* **Exercise**
This exercise calls for all the entries that follow to be set down exactly, without their images.

* **Extracted records**
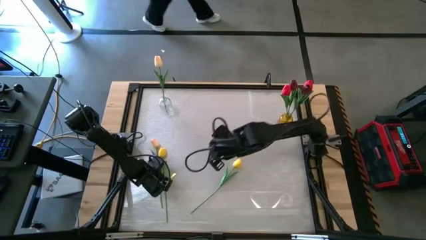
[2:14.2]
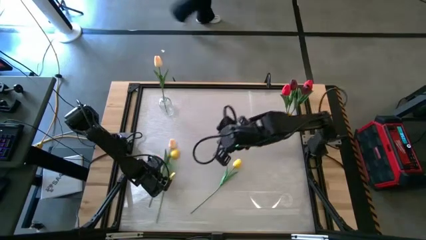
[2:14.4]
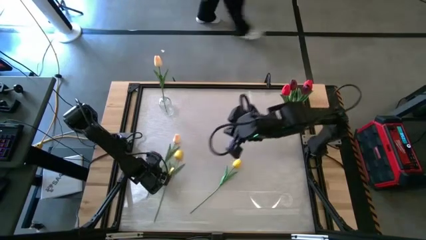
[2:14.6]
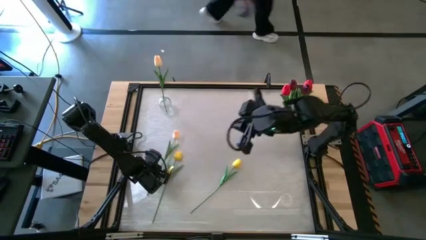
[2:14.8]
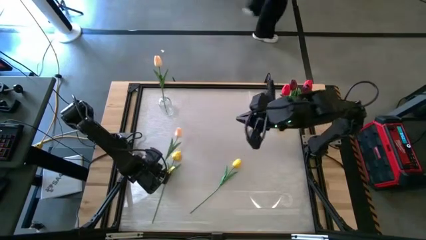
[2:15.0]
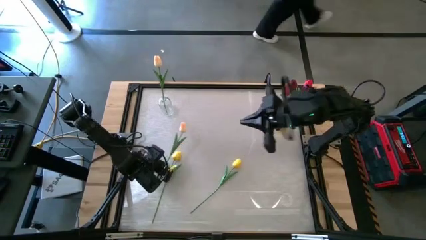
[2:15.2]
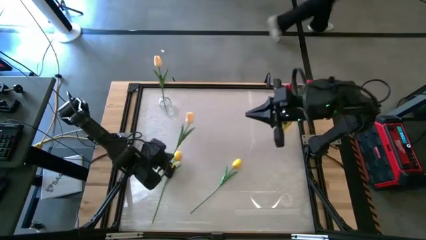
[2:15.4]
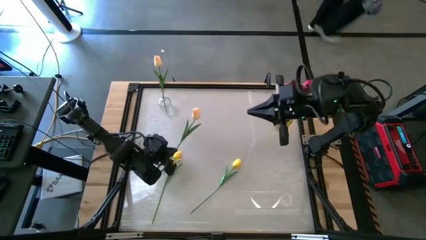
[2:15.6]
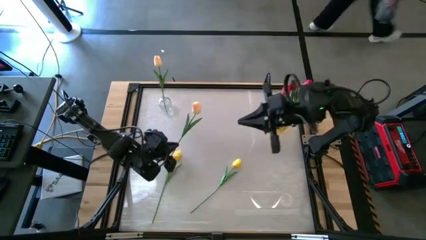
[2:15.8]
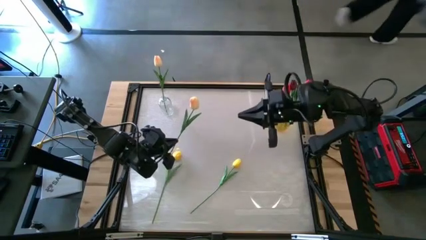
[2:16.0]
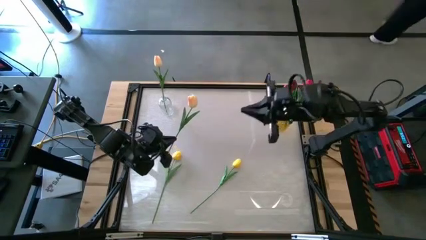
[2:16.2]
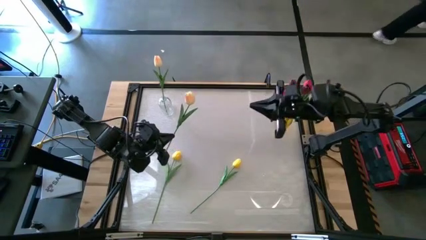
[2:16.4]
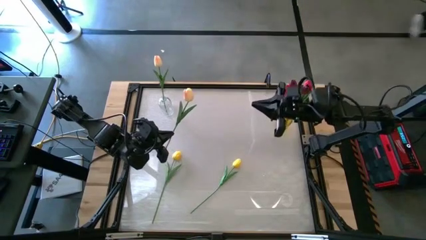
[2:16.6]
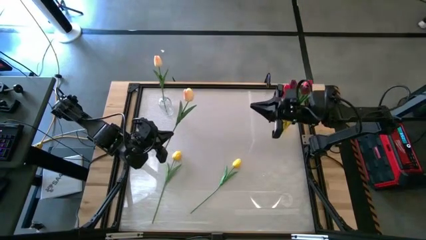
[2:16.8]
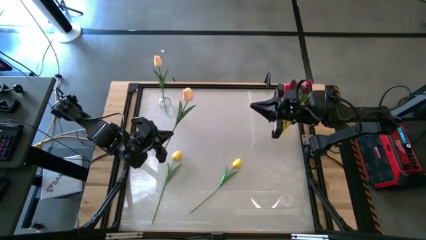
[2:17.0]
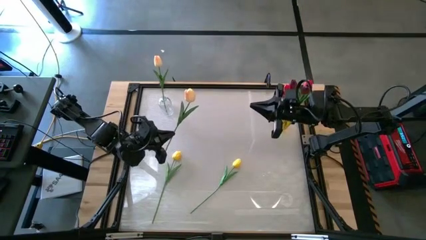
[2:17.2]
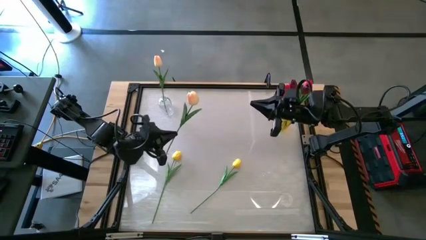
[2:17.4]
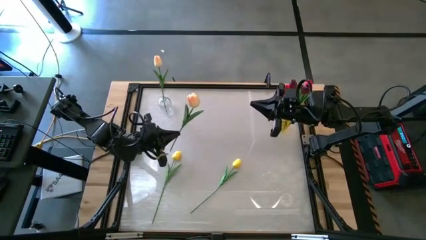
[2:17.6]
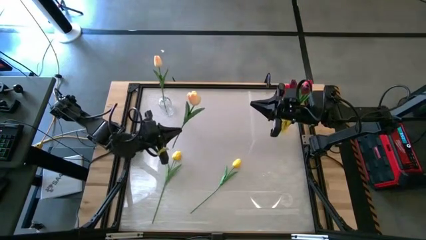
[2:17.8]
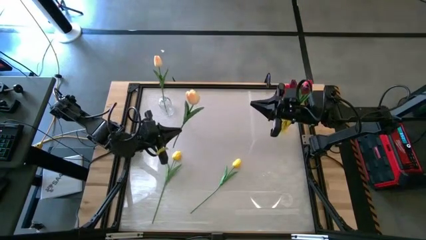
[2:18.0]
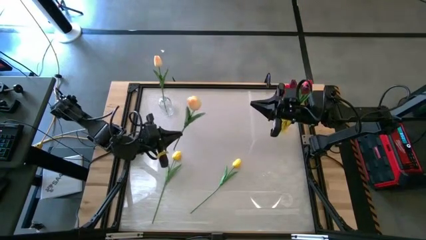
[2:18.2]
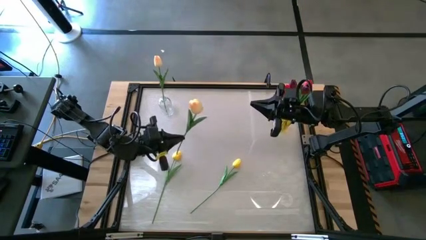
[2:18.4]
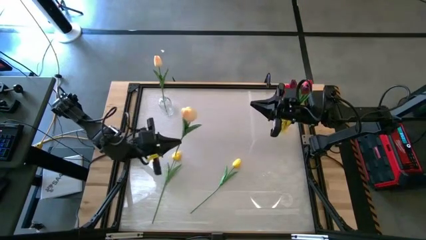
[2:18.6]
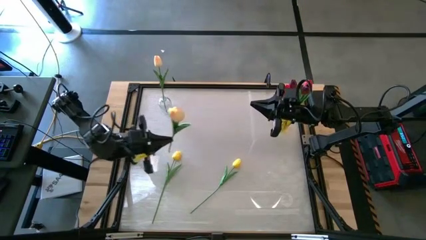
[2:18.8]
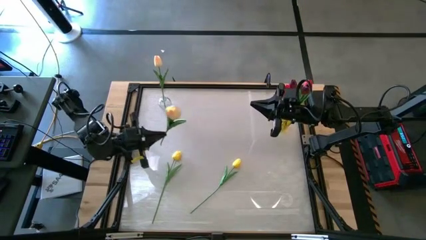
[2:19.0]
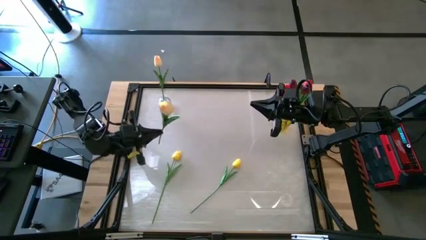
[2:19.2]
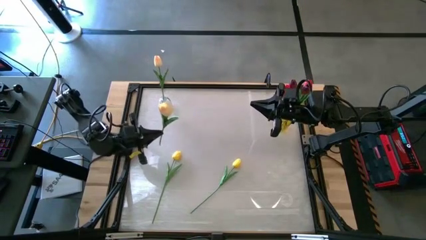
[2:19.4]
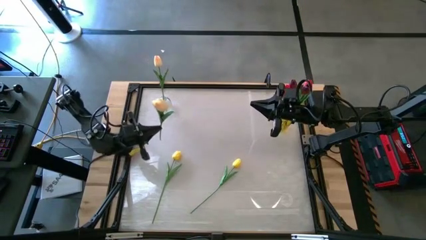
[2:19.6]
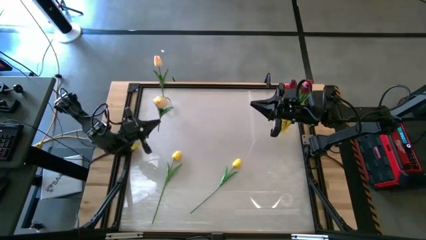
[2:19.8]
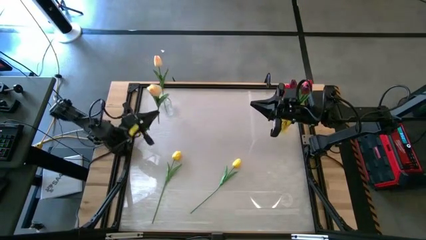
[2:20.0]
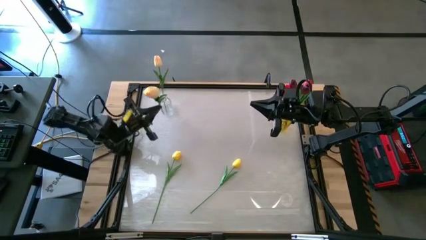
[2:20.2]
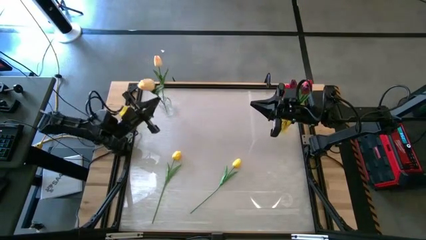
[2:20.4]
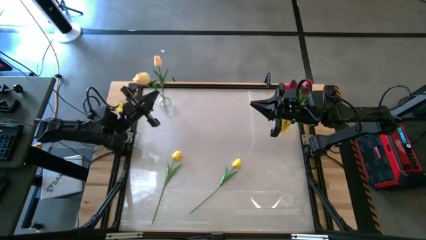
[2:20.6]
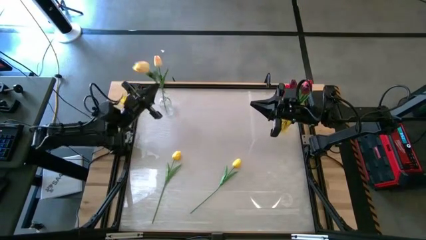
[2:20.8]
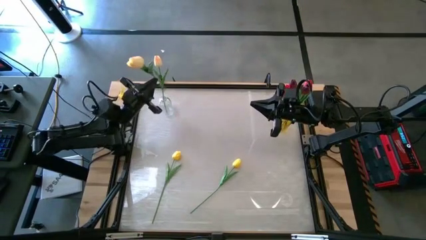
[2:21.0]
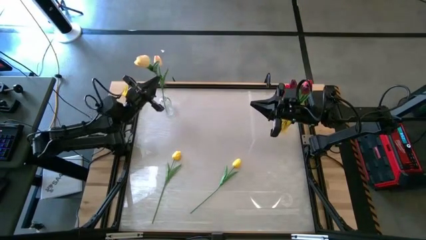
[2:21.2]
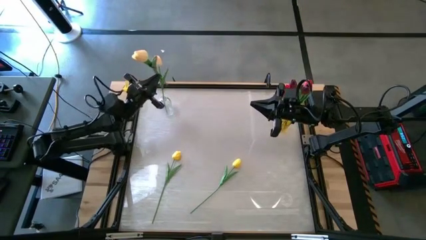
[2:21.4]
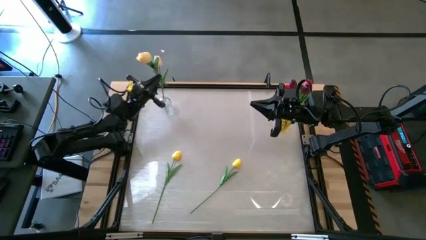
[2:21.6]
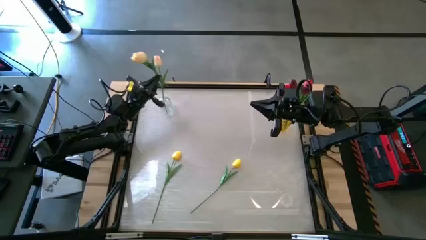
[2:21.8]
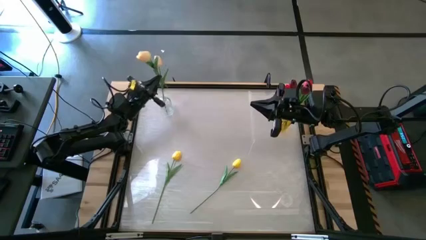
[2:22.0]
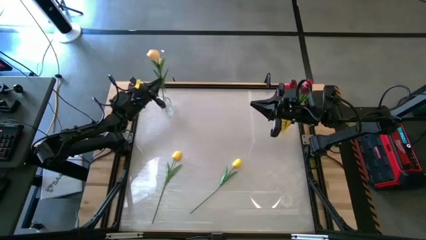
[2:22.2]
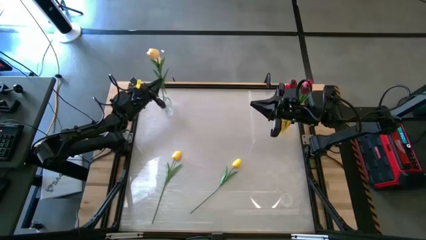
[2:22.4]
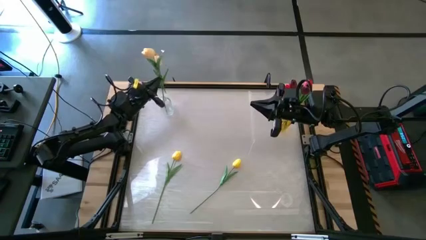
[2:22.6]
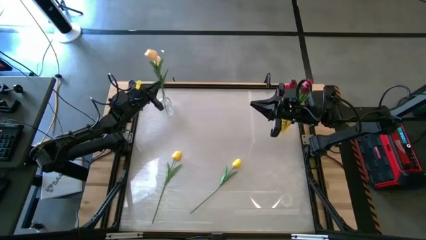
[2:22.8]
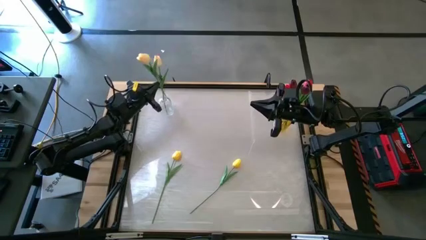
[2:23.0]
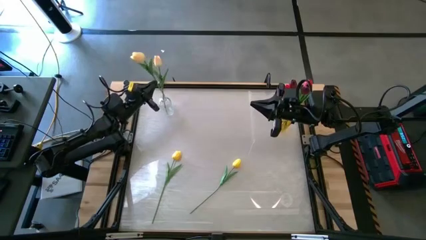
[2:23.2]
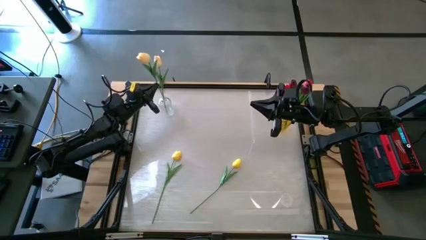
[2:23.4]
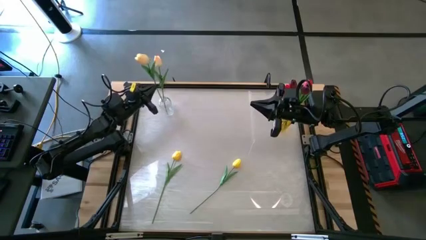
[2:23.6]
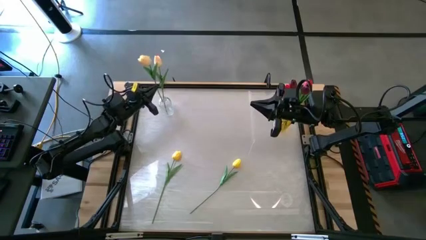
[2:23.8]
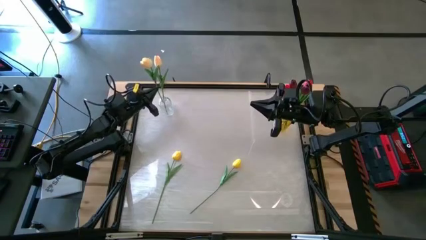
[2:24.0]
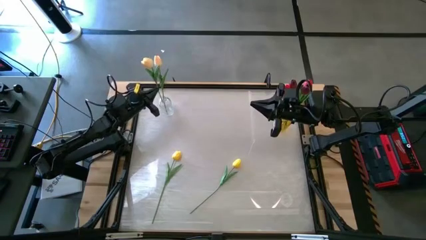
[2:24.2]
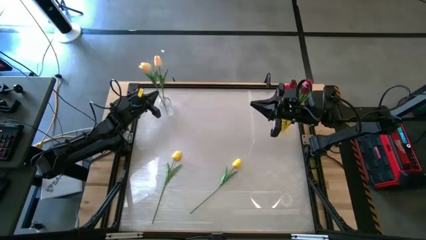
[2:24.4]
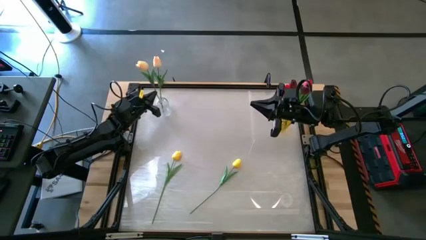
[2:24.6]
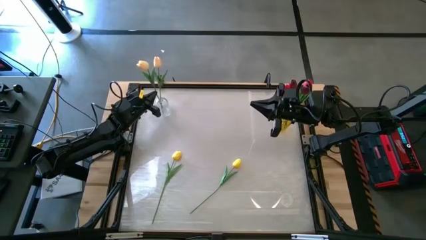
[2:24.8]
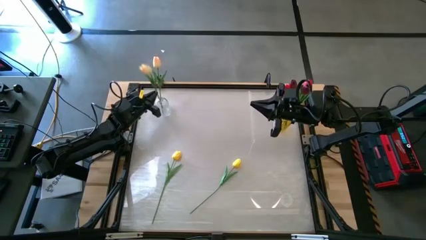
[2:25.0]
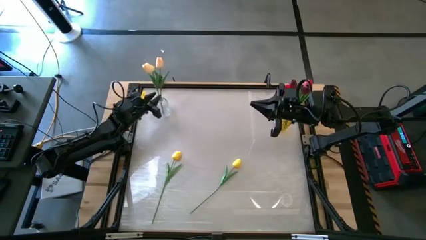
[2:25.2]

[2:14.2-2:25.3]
Task: Sort flowers into vase by color
Put the light pink tulip into the transparent vase

* **Solution for this problem**
[2:14.2]
[2:14.4]
[2:14.6]
[2:14.8]
[2:15.0]
[2:15.2]
[2:15.4]
[2:15.6]
[2:15.8]
[2:16.0]
[2:16.2]
[2:16.4]
[2:16.6]
[2:16.8]
[2:17.0]
[2:17.2]
[2:17.4]
[2:17.6]
[2:17.8]
[2:18.0]
[2:18.2]
[2:18.4]
[2:18.6]
[2:18.8]
[2:19.0]
[2:19.2]
[2:19.4]
[2:19.6]
[2:19.8]
[2:20.0]
[2:20.2]
[2:20.4]
[2:20.6]
[2:20.8]
[2:21.0]
[2:21.2]
[2:21.4]
[2:21.6]
[2:21.8]
[2:22.0]
[2:22.2]
[2:22.4]
[2:22.6]
[2:22.8]
[2:23.0]
[2:23.2]
[2:23.4]
[2:23.6]
[2:23.8]
[2:24.0]
[2:24.2]
[2:24.4]
[2:24.6]
[2:24.8]
[2:25.0]
[2:25.2]

[2:14.2-2:25.3]
Task: Sort flowers into vase by color
Put the light pink tulip into the transparent vase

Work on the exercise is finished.